TASK TO COMPLETE = An answer that reproduces all the entries exactly is what is needed.

[Opening PROVIDED RECORDS section]

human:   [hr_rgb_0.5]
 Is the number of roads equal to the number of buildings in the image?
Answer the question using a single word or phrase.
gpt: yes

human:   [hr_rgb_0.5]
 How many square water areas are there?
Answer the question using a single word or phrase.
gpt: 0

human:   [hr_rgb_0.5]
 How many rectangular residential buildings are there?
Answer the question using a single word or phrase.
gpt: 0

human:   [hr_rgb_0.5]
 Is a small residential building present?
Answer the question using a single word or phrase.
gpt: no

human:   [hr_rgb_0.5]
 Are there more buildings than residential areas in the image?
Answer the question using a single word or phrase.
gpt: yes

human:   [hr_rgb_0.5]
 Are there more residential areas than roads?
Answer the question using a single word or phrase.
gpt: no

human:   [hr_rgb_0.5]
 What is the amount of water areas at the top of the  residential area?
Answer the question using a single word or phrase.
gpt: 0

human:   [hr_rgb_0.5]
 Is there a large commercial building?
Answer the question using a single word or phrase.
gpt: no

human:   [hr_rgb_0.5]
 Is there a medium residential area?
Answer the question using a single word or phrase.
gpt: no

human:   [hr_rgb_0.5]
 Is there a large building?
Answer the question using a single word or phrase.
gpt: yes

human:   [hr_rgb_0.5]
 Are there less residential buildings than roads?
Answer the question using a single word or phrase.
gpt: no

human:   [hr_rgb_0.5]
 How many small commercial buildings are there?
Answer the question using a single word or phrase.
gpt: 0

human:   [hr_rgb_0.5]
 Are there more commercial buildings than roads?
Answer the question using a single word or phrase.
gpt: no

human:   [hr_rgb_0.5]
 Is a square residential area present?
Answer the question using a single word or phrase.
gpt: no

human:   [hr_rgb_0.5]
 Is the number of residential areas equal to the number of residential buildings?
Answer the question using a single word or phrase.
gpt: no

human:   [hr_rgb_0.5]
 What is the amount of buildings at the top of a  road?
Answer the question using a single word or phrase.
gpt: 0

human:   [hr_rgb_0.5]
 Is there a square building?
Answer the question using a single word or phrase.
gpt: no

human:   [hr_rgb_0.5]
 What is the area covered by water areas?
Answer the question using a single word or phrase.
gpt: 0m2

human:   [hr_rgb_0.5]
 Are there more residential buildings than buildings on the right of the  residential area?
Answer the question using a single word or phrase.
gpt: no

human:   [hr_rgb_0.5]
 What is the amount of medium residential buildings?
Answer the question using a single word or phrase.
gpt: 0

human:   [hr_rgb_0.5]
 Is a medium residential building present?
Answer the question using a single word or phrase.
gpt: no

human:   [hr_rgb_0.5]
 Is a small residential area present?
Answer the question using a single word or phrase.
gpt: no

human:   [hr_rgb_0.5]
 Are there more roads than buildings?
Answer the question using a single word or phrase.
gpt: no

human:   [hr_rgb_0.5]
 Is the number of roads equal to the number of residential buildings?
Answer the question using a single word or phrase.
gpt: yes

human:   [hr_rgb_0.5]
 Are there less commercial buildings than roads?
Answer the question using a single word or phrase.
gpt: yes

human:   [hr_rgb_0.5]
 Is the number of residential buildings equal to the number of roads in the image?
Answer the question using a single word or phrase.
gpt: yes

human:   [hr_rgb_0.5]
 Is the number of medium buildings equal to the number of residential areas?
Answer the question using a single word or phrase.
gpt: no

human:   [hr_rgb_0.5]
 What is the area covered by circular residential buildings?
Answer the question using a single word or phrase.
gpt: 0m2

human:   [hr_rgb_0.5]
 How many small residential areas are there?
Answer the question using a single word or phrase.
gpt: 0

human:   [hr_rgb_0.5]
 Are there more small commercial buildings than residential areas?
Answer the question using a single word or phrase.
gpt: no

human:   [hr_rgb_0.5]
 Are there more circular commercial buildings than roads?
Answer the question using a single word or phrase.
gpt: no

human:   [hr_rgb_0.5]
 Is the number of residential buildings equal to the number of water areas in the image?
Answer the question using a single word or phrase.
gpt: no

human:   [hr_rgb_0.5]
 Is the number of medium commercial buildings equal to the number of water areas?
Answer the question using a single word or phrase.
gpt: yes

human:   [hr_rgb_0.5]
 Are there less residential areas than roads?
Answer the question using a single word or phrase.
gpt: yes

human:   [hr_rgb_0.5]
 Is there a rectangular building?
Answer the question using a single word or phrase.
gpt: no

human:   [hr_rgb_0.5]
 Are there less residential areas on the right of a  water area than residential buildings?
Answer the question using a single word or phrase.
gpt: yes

[Closing PROVIDED RECORDS section]

TASK RESPONSE =
human:   [hr_rgb_0.5]
 Is the number of roads equal to the number of buildings in the image?
Answer the question using a single word or phrase.
gpt: yes

human:   [hr_rgb_0.5]
 How many square water areas are there?
Answer the question using a single word or phrase.
gpt: 0

human:   [hr_rgb_0.5]
 How many rectangular residential buildings are there?
Answer the question using a single word or phrase.
gpt: 0

human:   [hr_rgb_0.5]
 Is a small residential building present?
Answer the question using a single word or phrase.
gpt: no

human:   [hr_rgb_0.5]
 Are there more buildings than residential areas in the image?
Answer the question using a single word or phrase.
gpt: yes

human:   [hr_rgb_0.5]
 Are there more residential areas than roads?
Answer the question using a single word or phrase.
gpt: no

human:   [hr_rgb_0.5]
 What is the amount of water areas at the top of the  residential area?
Answer the question using a single word or phrase.
gpt: 0

human:   [hr_rgb_0.5]
 Is there a large commercial building?
Answer the question using a single word or phrase.
gpt: no

human:   [hr_rgb_0.5]
 Is there a medium residential area?
Answer the question using a single word or phrase.
gpt: no

human:   [hr_rgb_0.5]
 Is there a large building?
Answer the question using a single word or phrase.
gpt: yes

human:   [hr_rgb_0.5]
 Are there less residential buildings than roads?
Answer the question using a single word or phrase.
gpt: no

human:   [hr_rgb_0.5]
 How many small commercial buildings are there?
Answer the question using a single word or phrase.
gpt: 0

human:   [hr_rgb_0.5]
 Are there more commercial buildings than roads?
Answer the question using a single word or phrase.
gpt: no

human:   [hr_rgb_0.5]
 Is a square residential area present?
Answer the question using a single word or phrase.
gpt: no

human:   [hr_rgb_0.5]
 Is the number of residential areas equal to the number of residential buildings?
Answer the question using a single word or phrase.
gpt: no

human:   [hr_rgb_0.5]
 What is the amount of buildings at the top of a  road?
Answer the question using a single word or phrase.
gpt: 0

human:   [hr_rgb_0.5]
 Is there a square building?
Answer the question using a single word or phrase.
gpt: no

human:   [hr_rgb_0.5]
 What is the area covered by water areas?
Answer the question using a single word or phrase.
gpt: 0m2

human:   [hr_rgb_0.5]
 Are there more residential buildings than buildings on the right of the  residential area?
Answer the question using a single word or phrase.
gpt: no

human:   [hr_rgb_0.5]
 What is the amount of medium residential buildings?
Answer the question using a single word or phrase.
gpt: 0

human:   [hr_rgb_0.5]
 Is a medium residential building present?
Answer the question using a single word or phrase.
gpt: no

human:   [hr_rgb_0.5]
 Is a small residential area present?
Answer the question using a single word or phrase.
gpt: no

human:   [hr_rgb_0.5]
 Are there more roads than buildings?
Answer the question using a single word or phrase.
gpt: no

human:   [hr_rgb_0.5]
 Is the number of roads equal to the number of residential buildings?
Answer the question using a single word or phrase.
gpt: yes

human:   [hr_rgb_0.5]
 Are there less commercial buildings than roads?
Answer the question using a single word or phrase.
gpt: yes

human:   [hr_rgb_0.5]
 Is the number of residential buildings equal to the number of roads in the image?
Answer the question using a single word or phrase.
gpt: yes

human:   [hr_rgb_0.5]
 Is the number of medium buildings equal to the number of residential areas?
Answer the question using a single word or phrase.
gpt: no

human:   [hr_rgb_0.5]
 What is the area covered by circular residential buildings?
Answer the question using a single word or phrase.
gpt: 0m2

human:   [hr_rgb_0.5]
 How many small residential areas are there?
Answer the question using a single word or phrase.
gpt: 0

human:   [hr_rgb_0.5]
 Are there more small commercial buildings than residential areas?
Answer the question using a single word or phrase.
gpt: no

human:   [hr_rgb_0.5]
 Are there more circular commercial buildings than roads?
Answer the question using a single word or phrase.
gpt: no

human:   [hr_rgb_0.5]
 Is the number of residential buildings equal to the number of water areas in the image?
Answer the question using a single word or phrase.
gpt: no

human:   [hr_rgb_0.5]
 Is the number of medium commercial buildings equal to the number of water areas?
Answer the question using a single word or phrase.
gpt: yes

human:   [hr_rgb_0.5]
 Are there less residential areas than roads?
Answer the question using a single word or phrase.
gpt: yes

human:   [hr_rgb_0.5]
 Is there a rectangular building?
Answer the question using a single word or phrase.
gpt: no

human:   [hr_rgb_0.5]
 Are there less residential areas on the right of a  water area than residential buildings?
Answer the question using a single word or phrase.
gpt: yes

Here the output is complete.